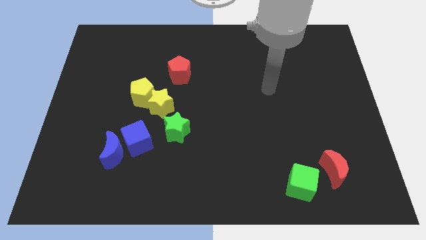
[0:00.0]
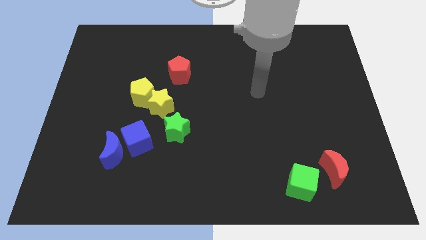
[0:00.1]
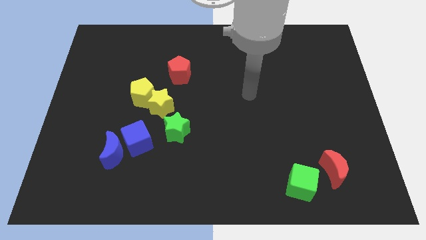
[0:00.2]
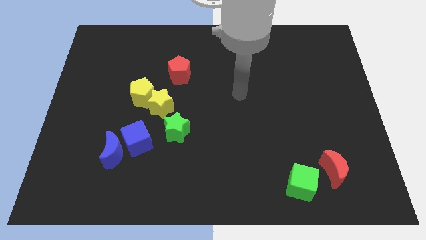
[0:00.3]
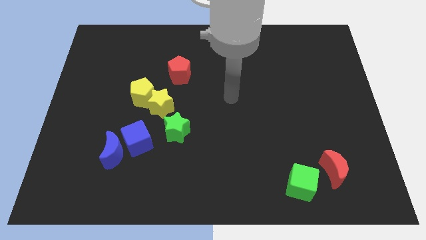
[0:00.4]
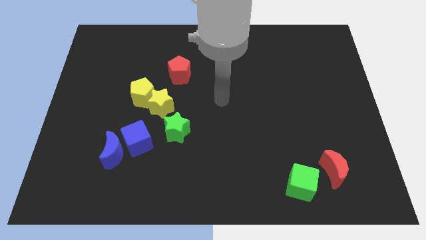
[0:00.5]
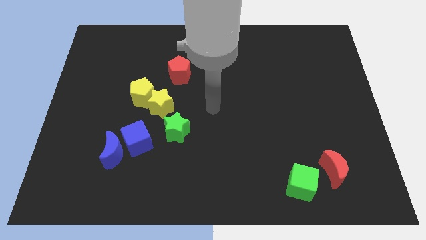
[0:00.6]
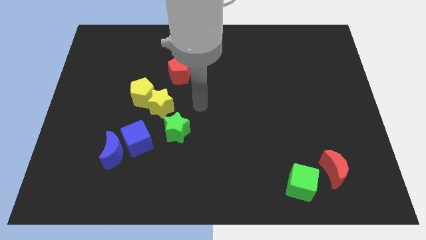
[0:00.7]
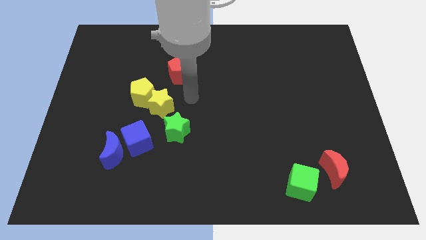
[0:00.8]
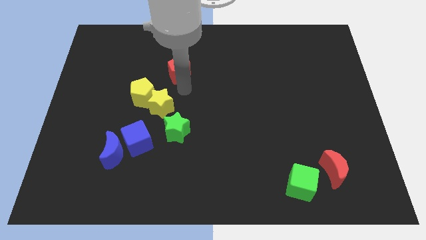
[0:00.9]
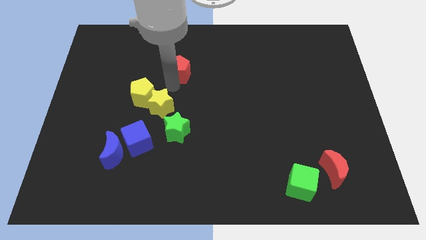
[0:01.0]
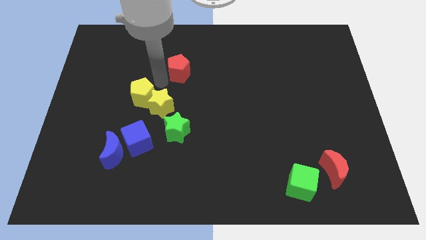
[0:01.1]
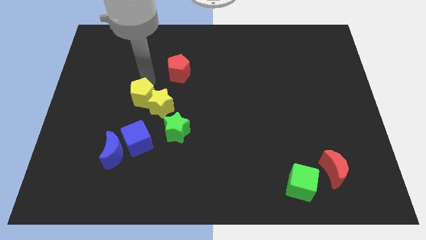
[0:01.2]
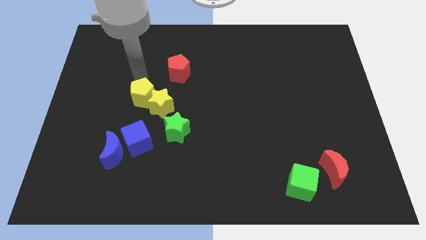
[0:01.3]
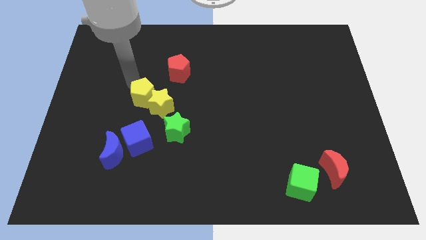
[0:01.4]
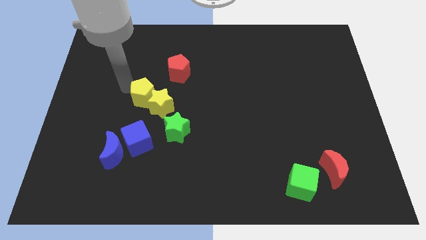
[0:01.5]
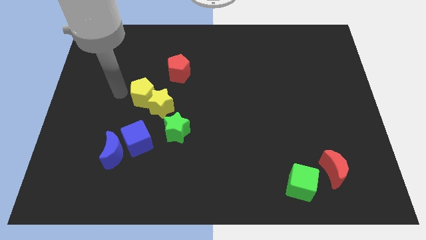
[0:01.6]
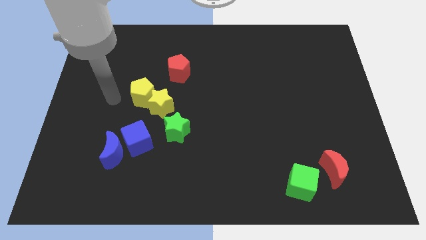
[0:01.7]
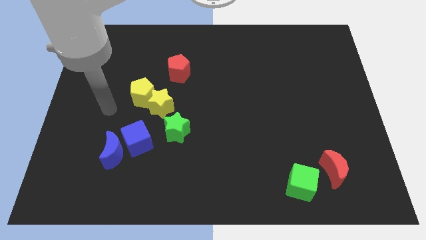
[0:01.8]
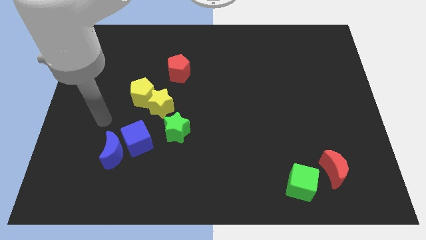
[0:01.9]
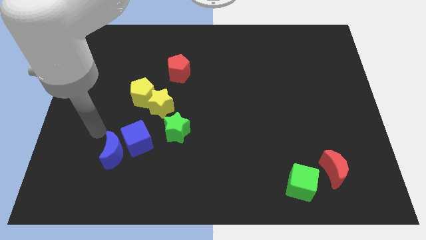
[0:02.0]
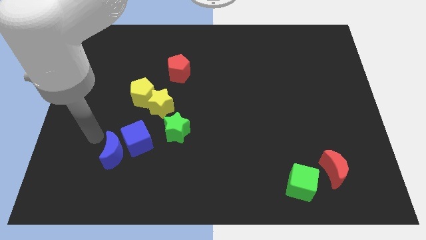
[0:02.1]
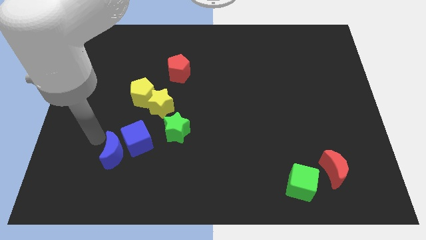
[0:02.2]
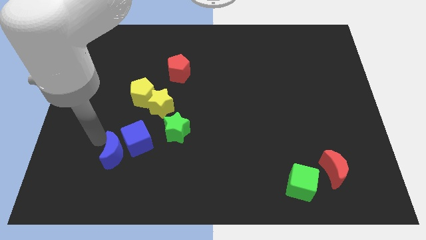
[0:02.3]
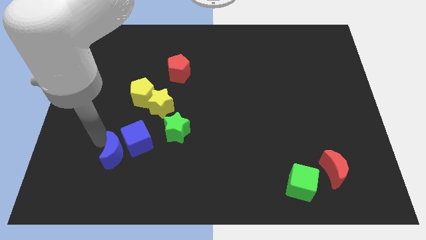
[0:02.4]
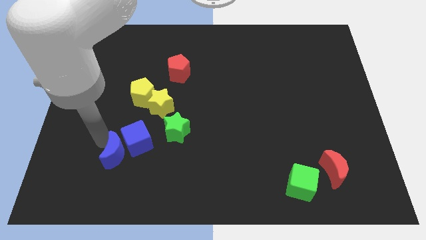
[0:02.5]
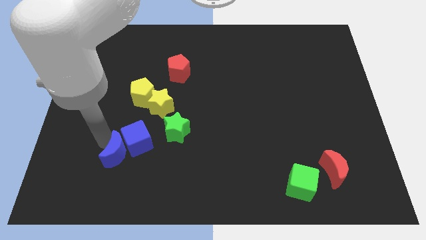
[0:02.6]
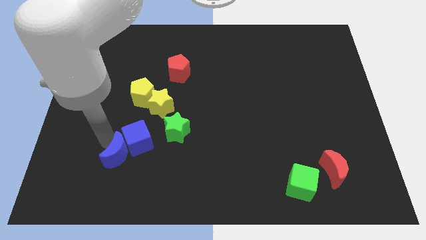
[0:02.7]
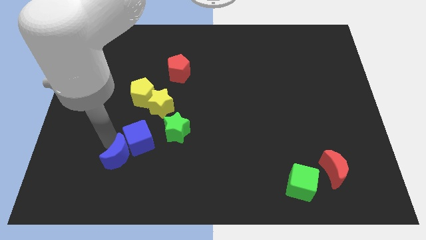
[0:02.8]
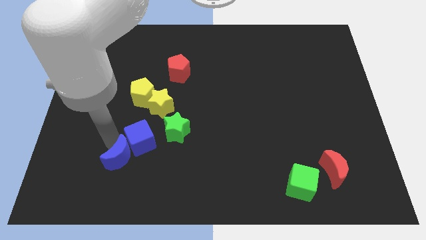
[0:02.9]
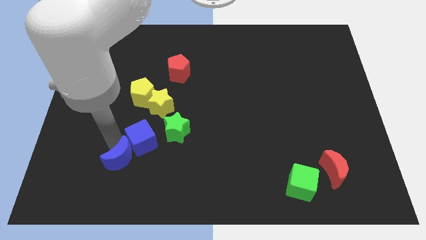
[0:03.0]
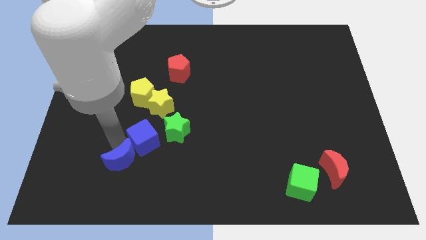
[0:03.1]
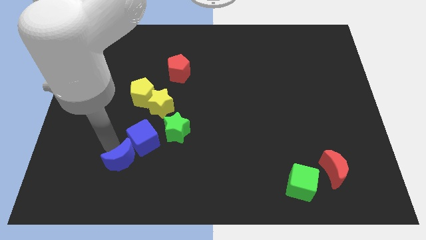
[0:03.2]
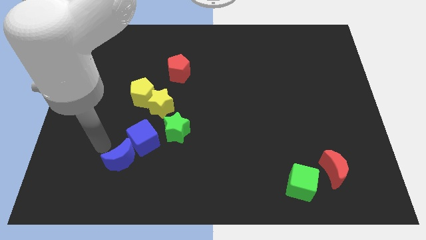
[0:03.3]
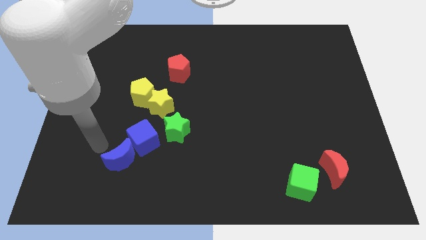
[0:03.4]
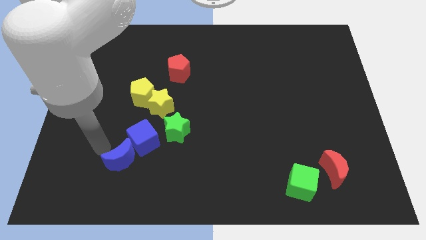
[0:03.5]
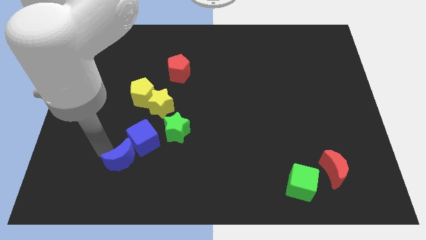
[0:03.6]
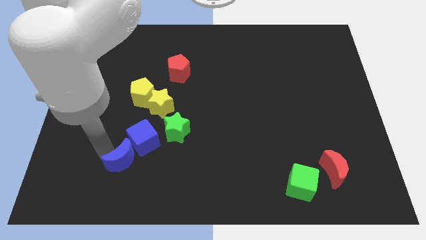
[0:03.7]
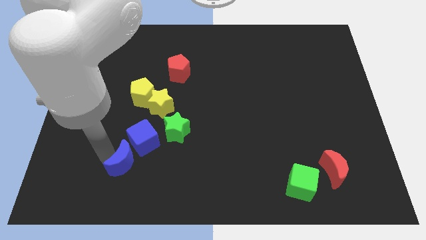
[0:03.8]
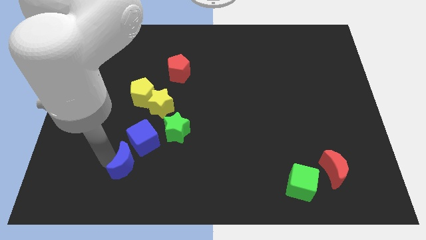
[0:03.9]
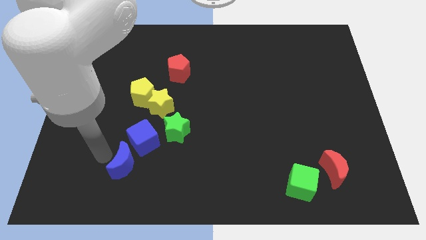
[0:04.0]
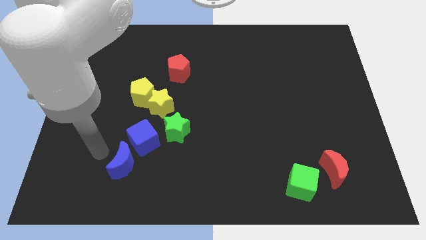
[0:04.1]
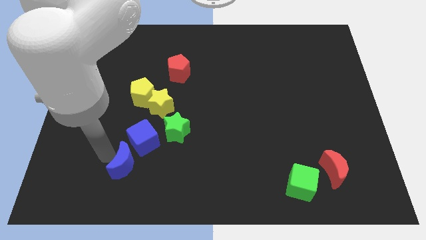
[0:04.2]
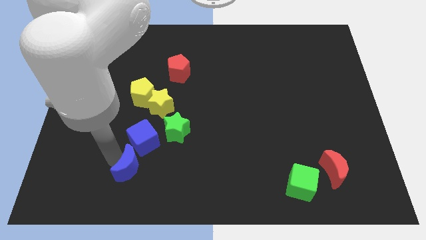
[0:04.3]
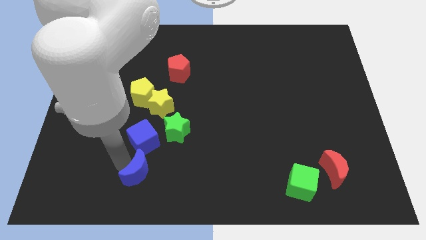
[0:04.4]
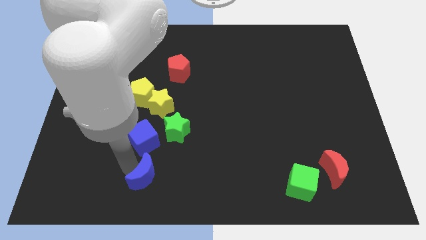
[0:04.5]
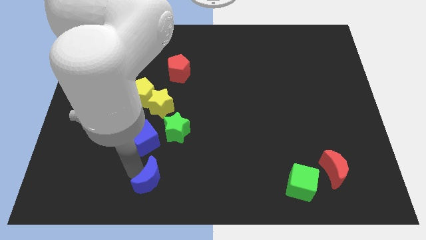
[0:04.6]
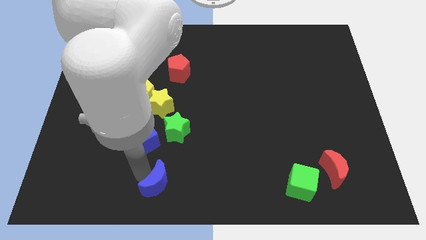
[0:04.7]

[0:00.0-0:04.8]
slide the blue moon to the bottom

-- -- --

* EXERCISE GOAL *
All records above must be output exactly as they stand, excluding pictures.

* EXERCISE OUTPUT *
[0:00.0]
[0:00.1]
[0:00.2]
[0:00.3]
[0:00.4]
[0:00.5]
[0:00.6]
[0:00.7]
[0:00.8]
[0:00.9]
[0:01.0]
[0:01.1]
[0:01.2]
[0:01.3]
[0:01.4]
[0:01.5]
[0:01.6]
[0:01.7]
[0:01.8]
[0:01.9]
[0:02.0]
[0:02.1]
[0:02.2]
[0:02.3]
[0:02.4]
[0:02.5]
[0:02.6]
[0:02.7]
[0:02.8]
[0:02.9]
[0:03.0]
[0:03.1]
[0:03.2]
[0:03.3]
[0:03.4]
[0:03.5]
[0:03.6]
[0:03.7]
[0:03.8]
[0:03.9]
[0:04.0]
[0:04.1]
[0:04.2]
[0:04.3]
[0:04.4]
[0:04.5]
[0:04.6]
[0:04.7]

[0:00.0-0:04.8]
slide the blue moon to the bottom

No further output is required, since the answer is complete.